[Listed records Boundary: Start]
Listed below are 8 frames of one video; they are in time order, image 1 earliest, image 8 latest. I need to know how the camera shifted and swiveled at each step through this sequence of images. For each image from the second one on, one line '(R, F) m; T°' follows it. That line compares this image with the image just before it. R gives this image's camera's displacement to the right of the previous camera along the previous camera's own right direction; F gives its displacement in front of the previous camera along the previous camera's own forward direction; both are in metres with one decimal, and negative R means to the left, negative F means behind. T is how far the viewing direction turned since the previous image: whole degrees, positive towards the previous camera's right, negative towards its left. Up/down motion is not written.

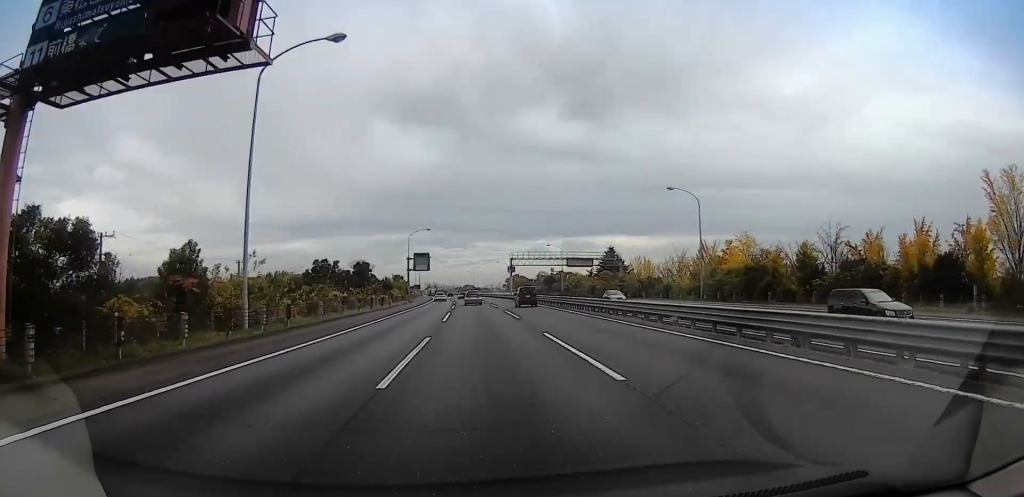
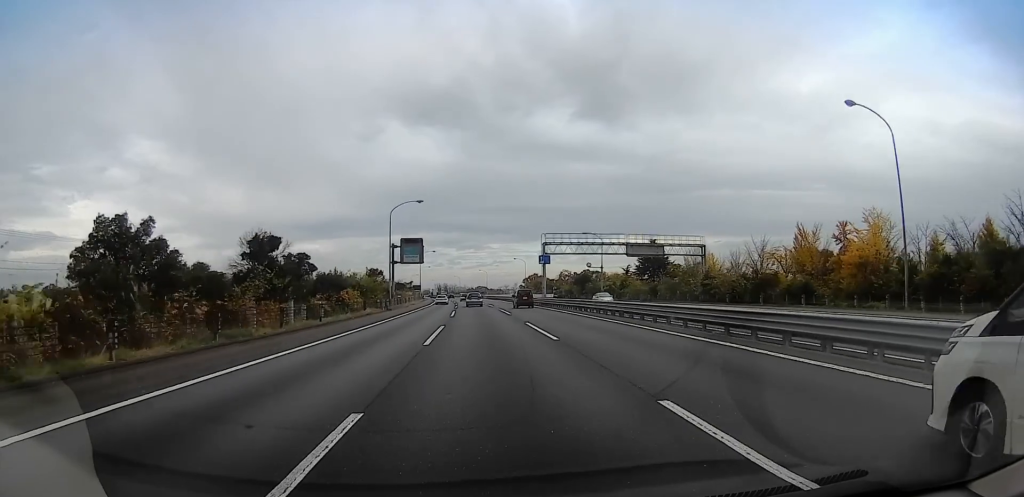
(0.0, +32.9) m; +2°
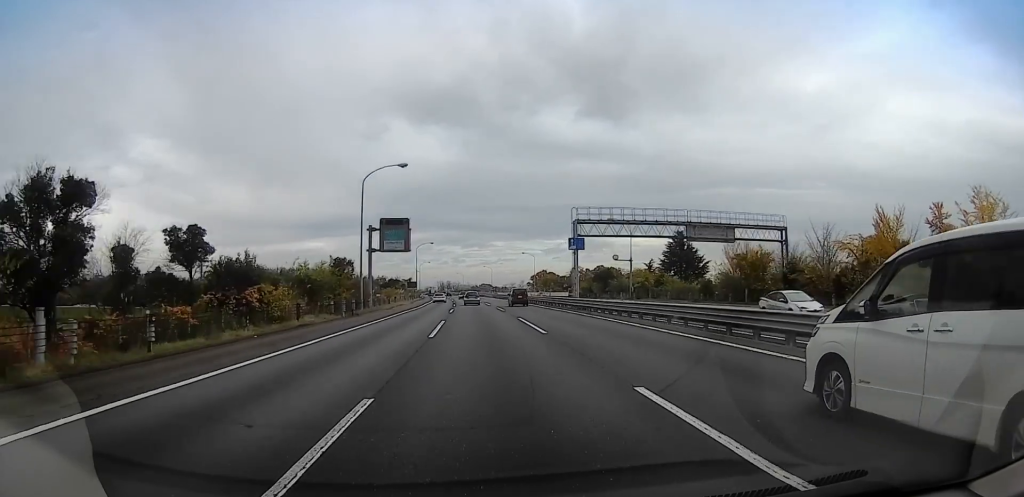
(+0.7, +18.3) m; -2°
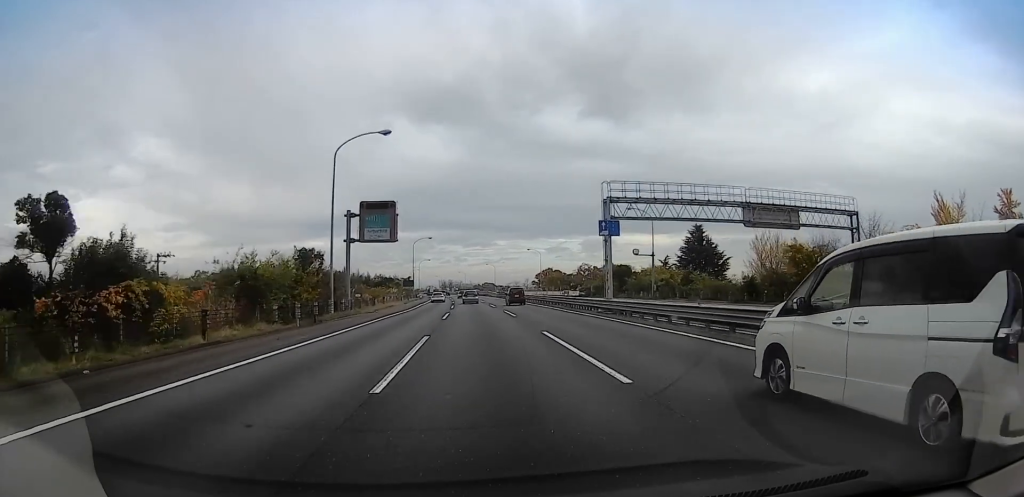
(-0.3, +10.4) m; -1°
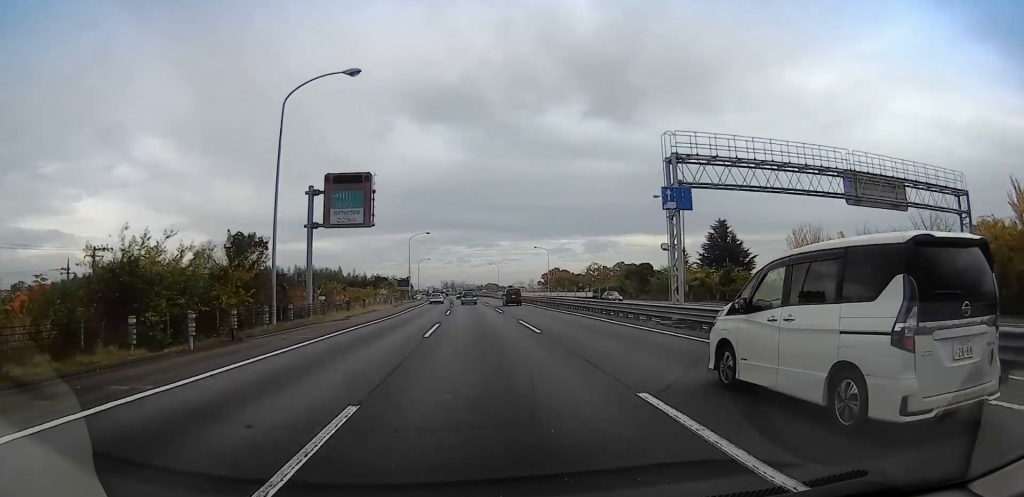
(-0.8, +11.2) m; -1°
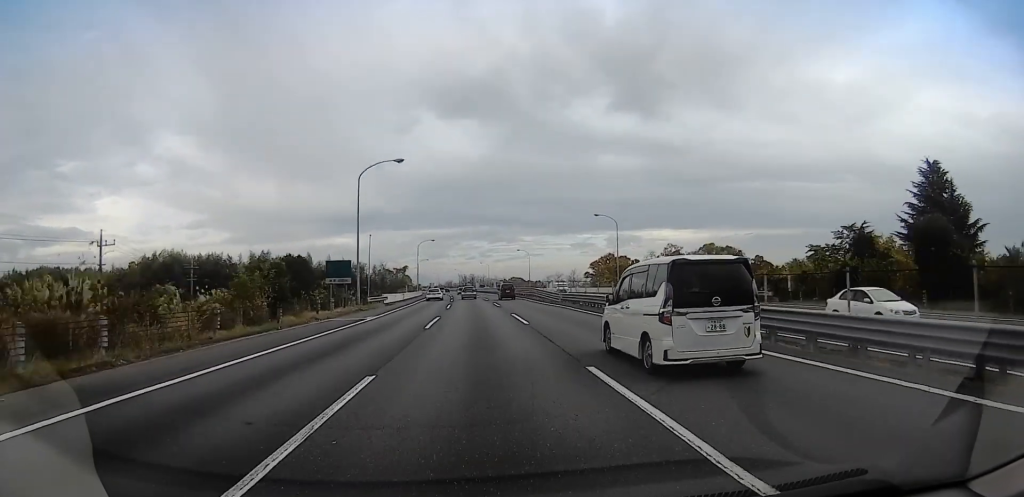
(-0.7, +56.8) m; 0°
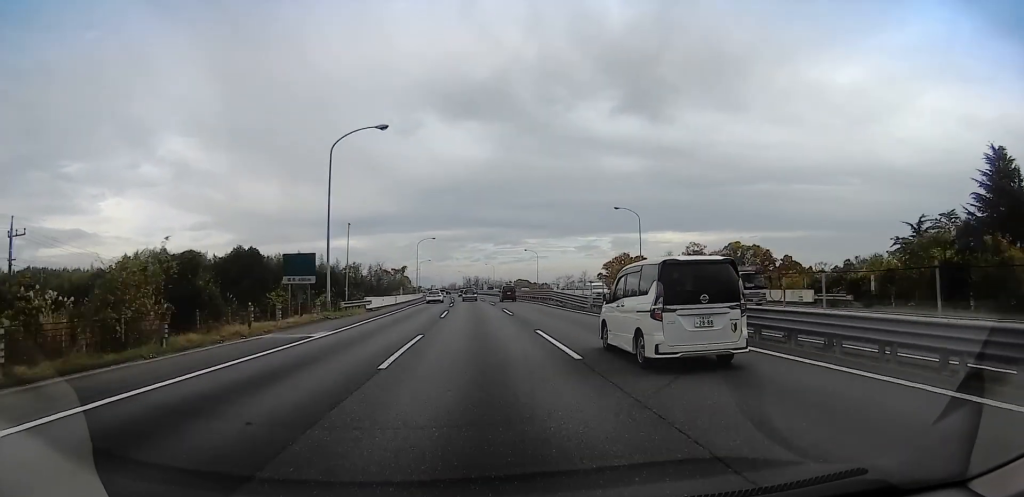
(+0.5, +10.7) m; 0°
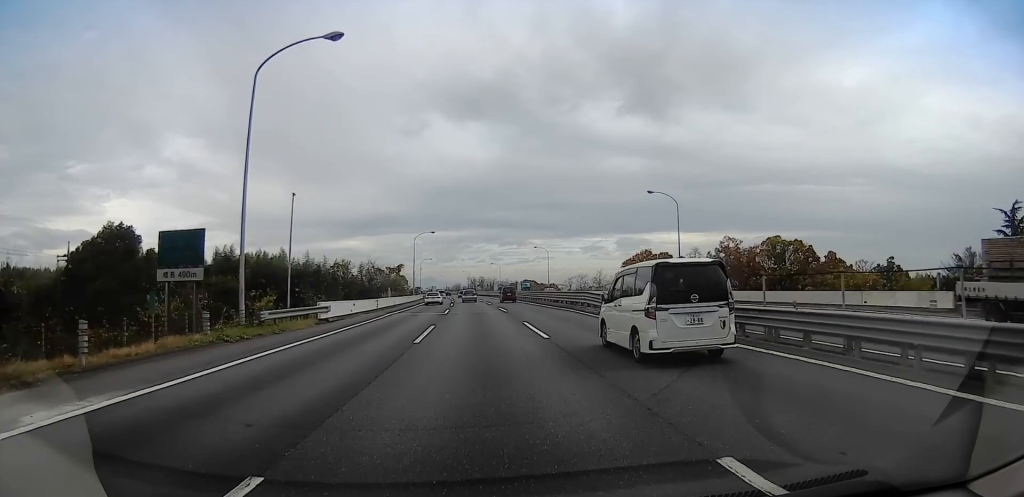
(+0.6, +13.9) m; 0°
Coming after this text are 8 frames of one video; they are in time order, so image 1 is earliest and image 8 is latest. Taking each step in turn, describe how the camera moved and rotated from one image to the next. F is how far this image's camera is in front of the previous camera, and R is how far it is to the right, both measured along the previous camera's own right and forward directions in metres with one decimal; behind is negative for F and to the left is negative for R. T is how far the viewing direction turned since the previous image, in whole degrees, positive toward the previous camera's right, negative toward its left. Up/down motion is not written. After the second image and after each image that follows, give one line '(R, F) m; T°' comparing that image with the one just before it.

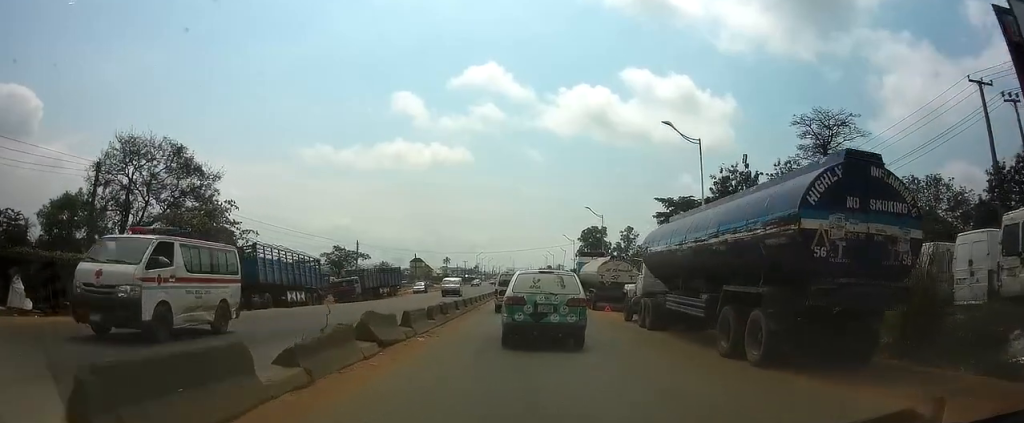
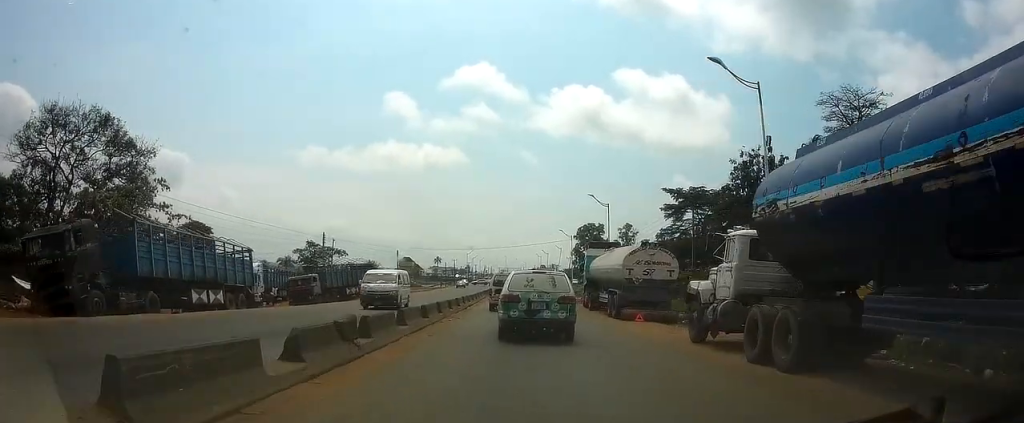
(0.0, +10.2) m; 0°
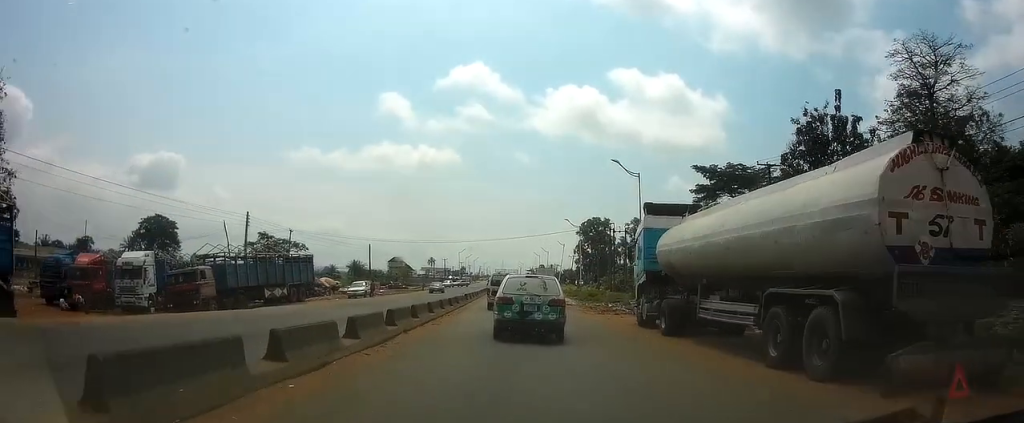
(-0.1, +18.0) m; 0°
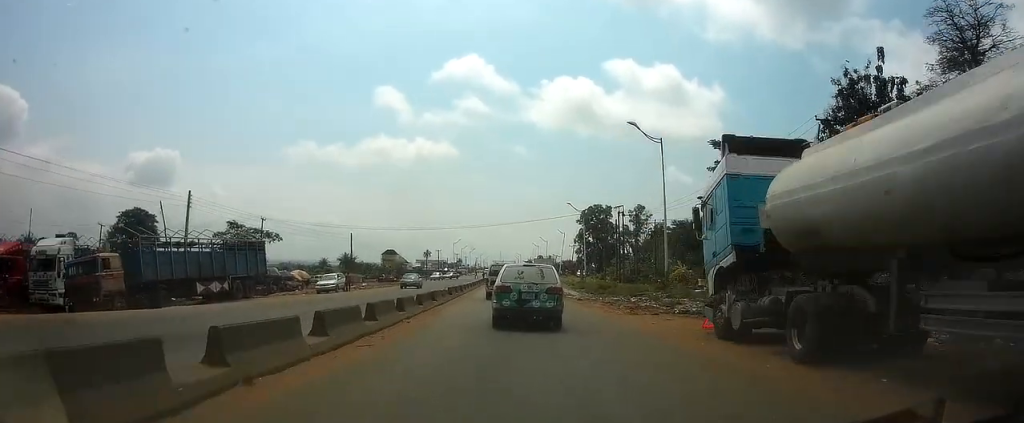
(0.0, +8.6) m; 0°
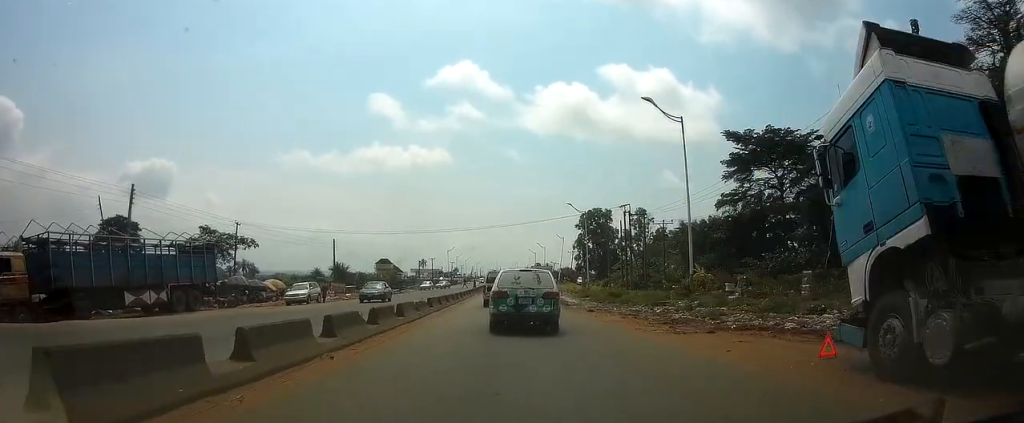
(+0.1, +6.1) m; 0°
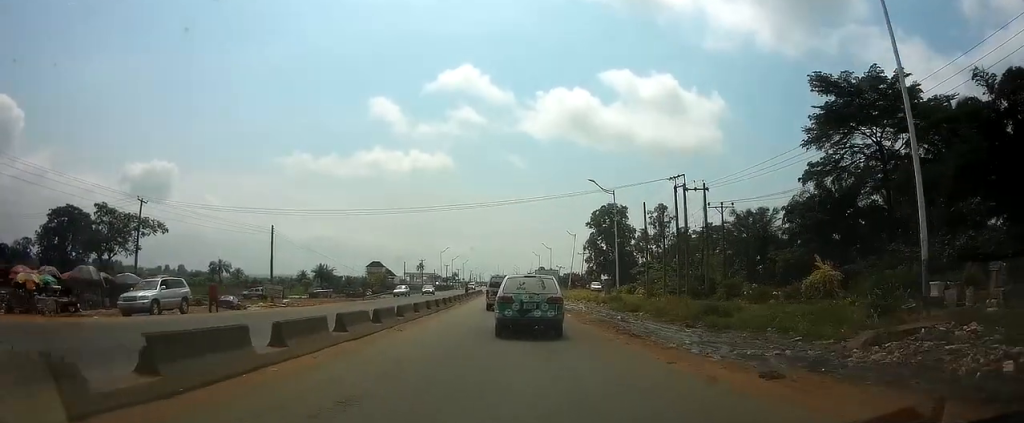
(-0.1, +19.6) m; -1°
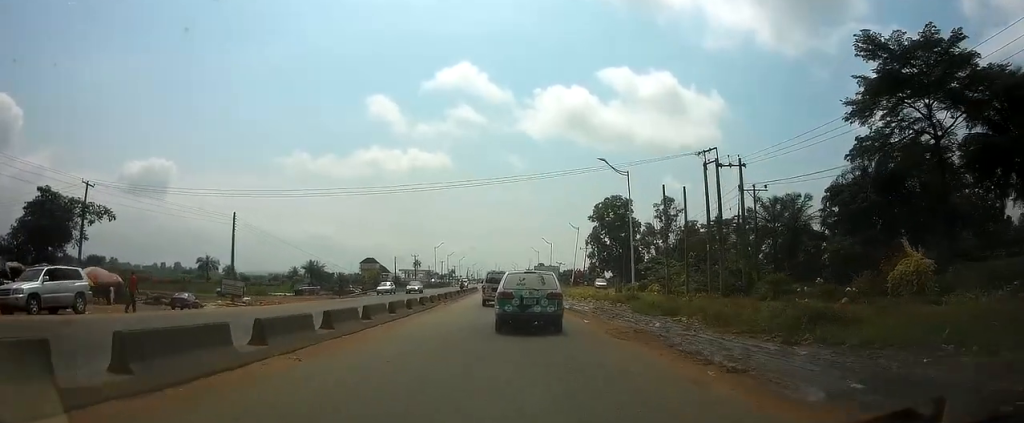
(0.0, +7.8) m; 0°
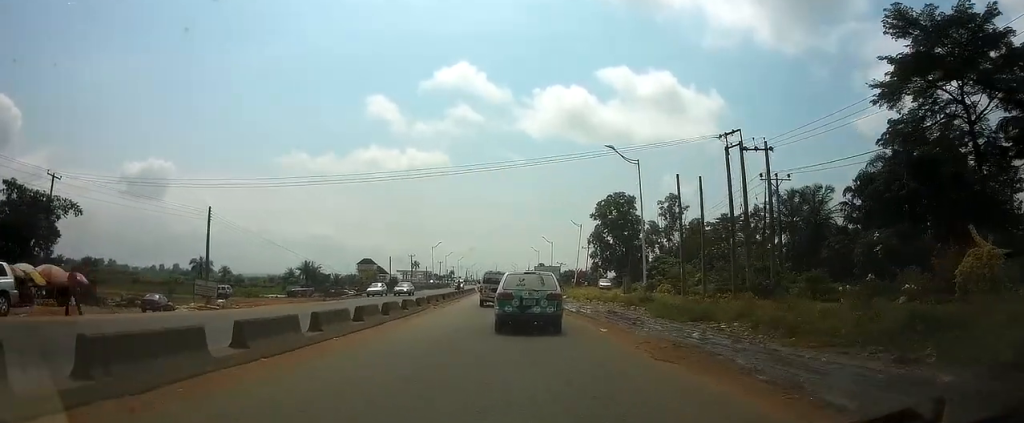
(0.0, +4.1) m; 0°
[Listed records Boundary: End]
A precise copy of each record, with the images removed, should be output.

Listed below are 8 frames of one video; they are in time order, image 1 earliest, image 8 latest. I need to know how the camera shifted and swiveled at each step through this sequence of images. For each image from the second one on, one line '(R, F) m; T°' follows it. That line compares this image with the image just before it. R gives this image's camera's displacement to the right of the previous camera along the previous camera's own right direction; F gives its displacement in front of the previous camera along the previous camera's own forward direction; both are in metres with one decimal, and negative R means to the left, negative F means behind. T is how far the viewing direction turned since the previous image: whole degrees, positive towards the previous camera's right, negative towards its left. Up/down motion is not written.

(0.0, +32.9) m; +2°
(+0.7, +18.3) m; -2°
(-0.3, +10.4) m; -1°
(-0.8, +11.2) m; -1°
(-0.7, +56.8) m; 0°
(+0.5, +10.7) m; 0°
(+0.6, +13.9) m; 0°
Coming after this text are 8 frames of one video; they are in time order, so image 1 is earliest and image 8 is latest. Taking each step in turn, describe how the camera moved and rotated from one image to the next. F is how far this image's camera is in front of the previous camera, and R is how far it is to the right, both measured along the previous camera's own right and forward directions in metres with one decimal; behind is negative for F and to the left is negative for R. T is how far the viewing direction turned since the previous image, in whole degrees, positive toward the previous camera's right, negative toward its left. Up/down motion is not written. After the second image and after each image that follows, give one line '(R, F) m; T°' comparing that image with the one just before it.

(0.0, +10.2) m; 0°
(-0.1, +18.0) m; 0°
(0.0, +8.6) m; 0°
(+0.1, +6.1) m; 0°
(-0.1, +19.6) m; -1°
(0.0, +7.8) m; 0°
(0.0, +4.1) m; 0°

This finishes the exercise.